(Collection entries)

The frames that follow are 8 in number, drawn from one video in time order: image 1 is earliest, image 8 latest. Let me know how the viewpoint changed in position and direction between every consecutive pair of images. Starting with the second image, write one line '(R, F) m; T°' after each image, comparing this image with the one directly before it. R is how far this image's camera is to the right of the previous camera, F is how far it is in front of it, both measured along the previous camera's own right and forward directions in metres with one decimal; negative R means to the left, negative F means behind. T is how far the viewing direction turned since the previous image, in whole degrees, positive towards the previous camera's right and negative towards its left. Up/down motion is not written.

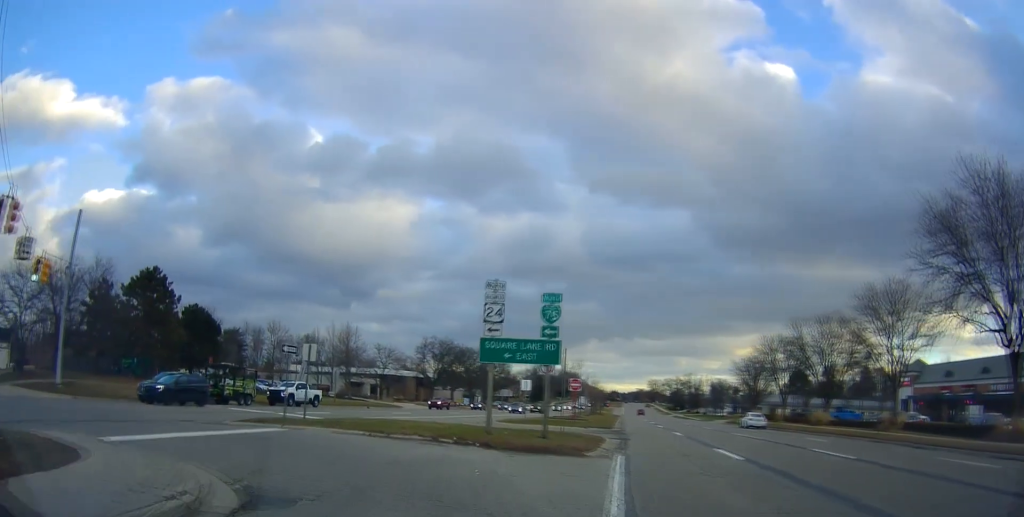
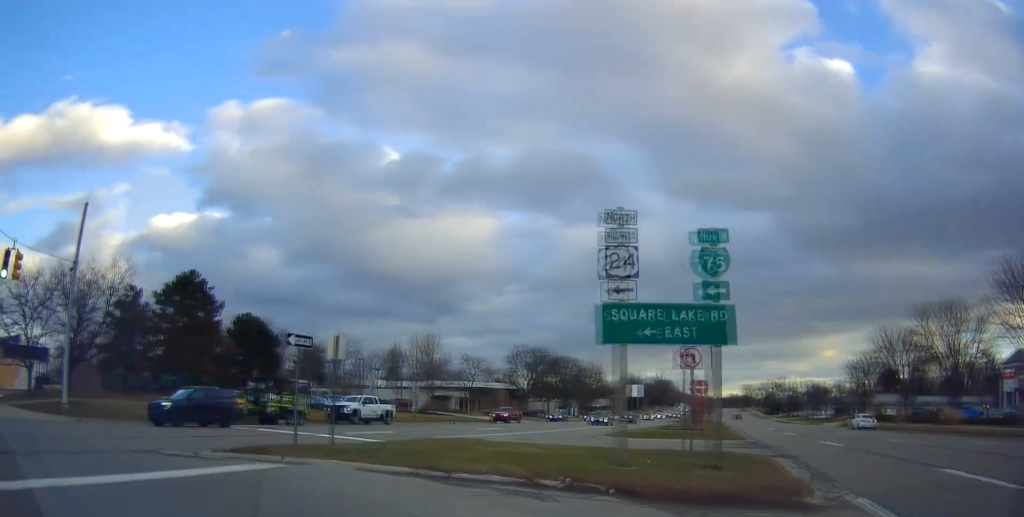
(-0.6, +8.7) m; -7°
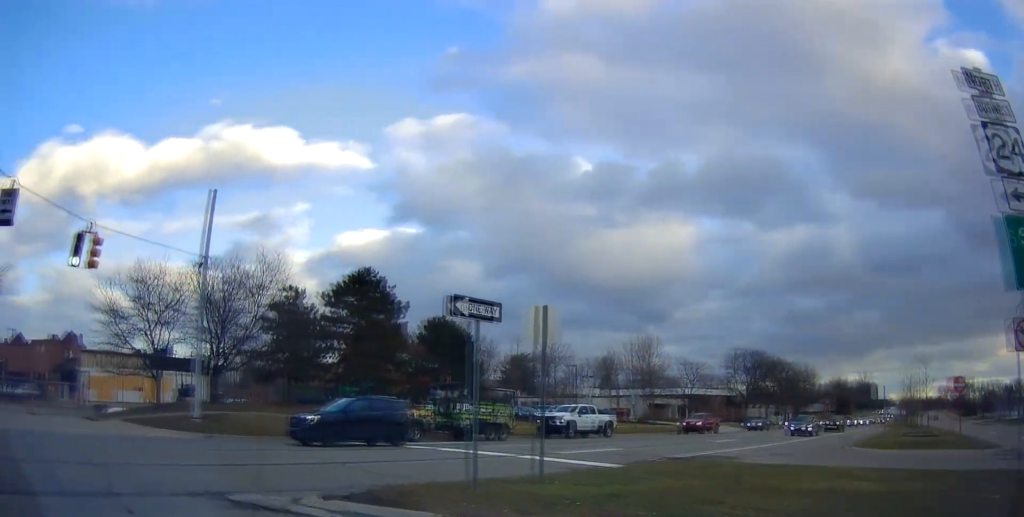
(-0.8, +7.3) m; -20°
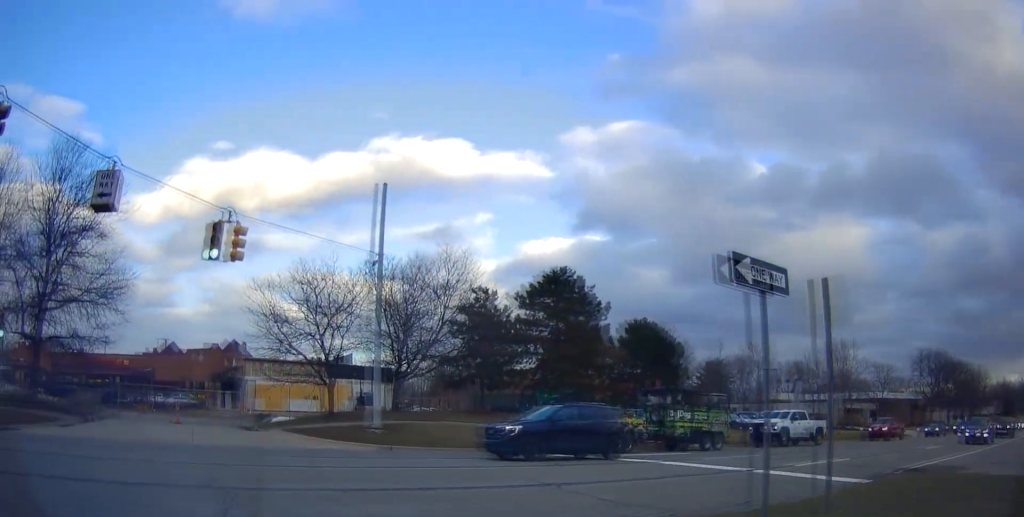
(-0.6, +2.3) m; -34°
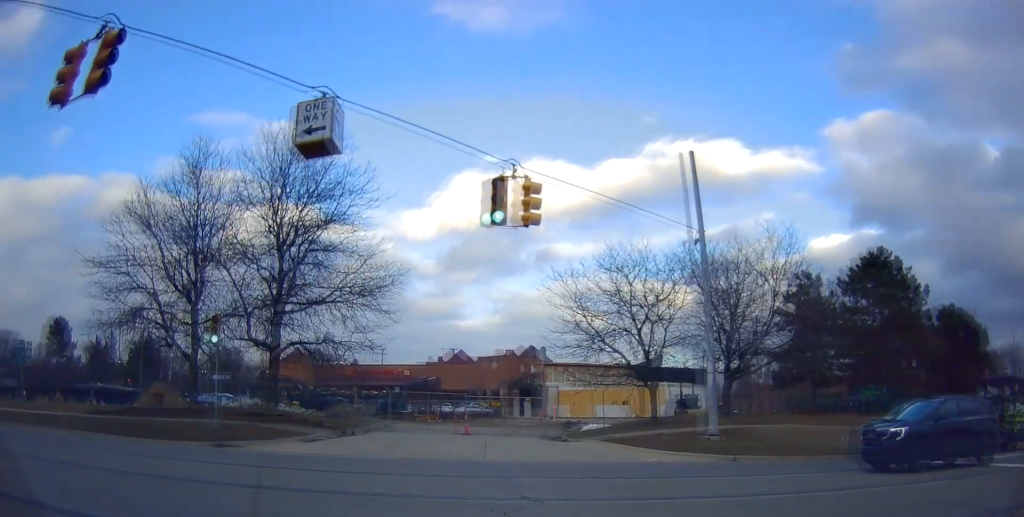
(-1.1, +2.4) m; -29°
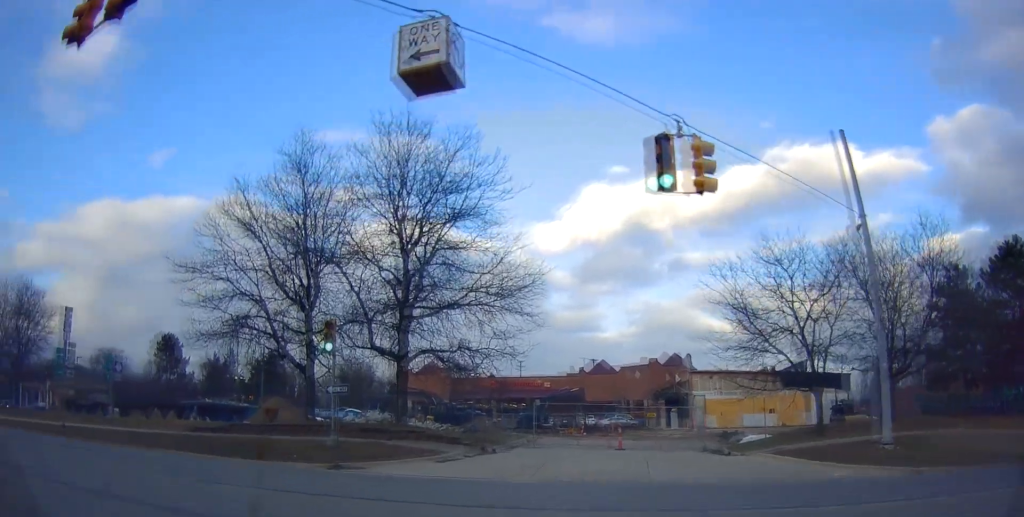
(-0.2, +1.9) m; -11°
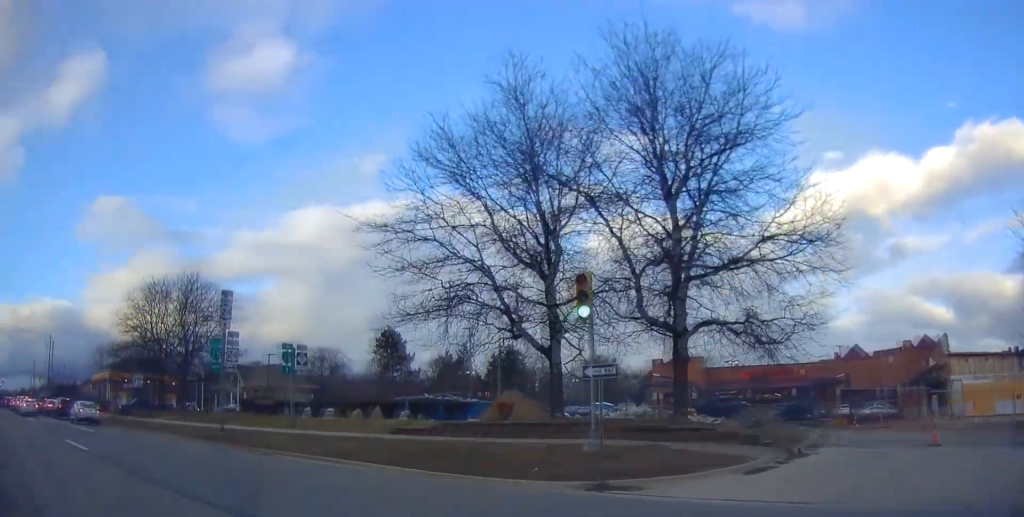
(-0.6, +4.4) m; -18°
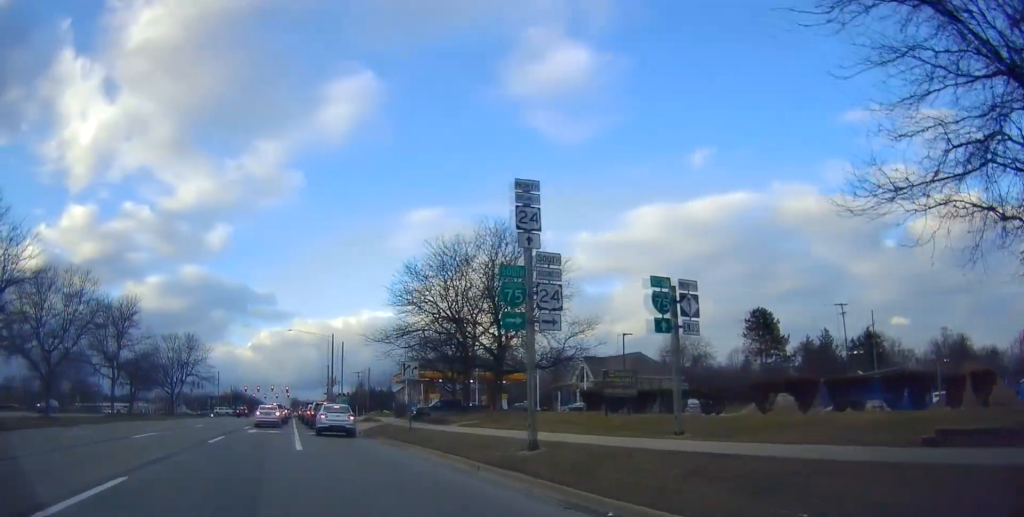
(-3.0, +10.8) m; -28°

▶ _Task item_
In your copy of the records above, include no pictures and match every line exactly.

▶ _Result_
The frames that follow are 8 in number, drawn from one video in time order: image 1 is earliest, image 8 latest. Let me know how the viewpoint changed in position and direction between every consecutive pair of images. Starting with the second image, write one line '(R, F) m; T°' after each image, comparing this image with the one directly before it. R is how far this image's camera is to the right of the previous camera, F is how far it is in front of it, both measured along the previous camera's own right and forward directions in metres with one decimal; negative R means to the left, negative F means behind. T is how far the viewing direction turned since the previous image, in whole degrees, positive towards the previous camera's right and negative towards its left. Up/down motion is not written.

(-0.6, +8.7) m; -7°
(-0.8, +7.3) m; -20°
(-0.6, +2.3) m; -34°
(-1.1, +2.4) m; -29°
(-0.2, +1.9) m; -11°
(-0.6, +4.4) m; -18°
(-3.0, +10.8) m; -28°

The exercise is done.